The evidence shows that the vast bulk of retired Australians have an adequate income and feel financially comfortable, and Grattan modelling shows that the vast bulk of working-age Australians can look forward to a standard of living in retirement at least the equal of their standard of living while working.

Retirement incomes also remain adequate for most Australians even when they work part-time or take significant career breaks, such as to care for children. When careers are interrupted, workers save less super, but will tend to get larger part-pensions, offsetting much of any potential fall in retirement incomes.

This good-news story has policy implications: in particular, the proposed increase in compulsory super from 9.5 per cent of wages now to 12 per cent by 2025 should be abandoned, because it would cost the budget billions of dollars in super tax breaks, it would harm pensioners, it would not actually help the typical worker, and it would widen the gender gap in retirement incomes.

And since retirement incomes are broadly adequate, there is room to reduce excessively generous tax breaks that largely benefit wealthier Australians who have the resources to fund their own retirement.
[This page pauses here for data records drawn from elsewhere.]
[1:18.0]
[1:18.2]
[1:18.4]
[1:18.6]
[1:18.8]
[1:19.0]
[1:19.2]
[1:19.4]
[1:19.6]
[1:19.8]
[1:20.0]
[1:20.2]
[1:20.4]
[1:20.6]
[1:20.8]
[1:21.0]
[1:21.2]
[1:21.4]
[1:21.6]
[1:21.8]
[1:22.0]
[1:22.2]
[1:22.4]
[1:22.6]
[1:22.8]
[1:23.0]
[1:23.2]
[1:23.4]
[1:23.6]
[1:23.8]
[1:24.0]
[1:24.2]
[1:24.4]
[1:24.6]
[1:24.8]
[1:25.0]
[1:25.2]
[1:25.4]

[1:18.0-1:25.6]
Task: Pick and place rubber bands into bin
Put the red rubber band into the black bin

Reducing super tax breaks could save the budget more than $4 billion a year. Reducing age-based tax breaks could save another $1 billion a year.

But the retirement incomes story is not all good news: as we show in this submission to the Federal Government’s Retirement Income Review, the system is failing too many poorer Australians, especially low-income women and especially retirees who rent. And the proportion of retirees who rent and are therefore at risk of poverty in retirement will increase in future because home-ownership is falling, especially among the young and the poor.
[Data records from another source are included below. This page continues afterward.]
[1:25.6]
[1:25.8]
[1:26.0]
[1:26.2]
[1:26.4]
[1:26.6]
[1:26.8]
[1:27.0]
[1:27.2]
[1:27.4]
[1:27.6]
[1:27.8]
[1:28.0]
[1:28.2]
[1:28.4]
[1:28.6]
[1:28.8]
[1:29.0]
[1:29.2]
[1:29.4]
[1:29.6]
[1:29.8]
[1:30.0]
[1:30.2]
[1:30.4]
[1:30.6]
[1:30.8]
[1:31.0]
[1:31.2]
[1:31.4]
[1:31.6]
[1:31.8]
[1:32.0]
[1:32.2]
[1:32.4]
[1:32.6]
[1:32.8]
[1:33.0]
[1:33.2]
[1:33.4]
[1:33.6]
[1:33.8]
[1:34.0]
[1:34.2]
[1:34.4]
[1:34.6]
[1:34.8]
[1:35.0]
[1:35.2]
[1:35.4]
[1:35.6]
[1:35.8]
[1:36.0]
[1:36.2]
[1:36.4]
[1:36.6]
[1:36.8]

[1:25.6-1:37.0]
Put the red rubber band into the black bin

Forcing the entire workforce to save more for their retirement by increasing compulsory super is not the way to prevent senior Australians suffering poverty in their later years.

Instead, our submission details specific, targeted policy recommendations to tackle this growing problem and make our retirement incomes system work even better, including: lifting Commonwealth Rent Assistance immediately by 40 per cent; boosting Newstart by at least $75 a week; relaxing the taper rate for the Age Pension assets test; including more of the value of the family home in the pension assets test; and ensuring that the super funds cut their fees.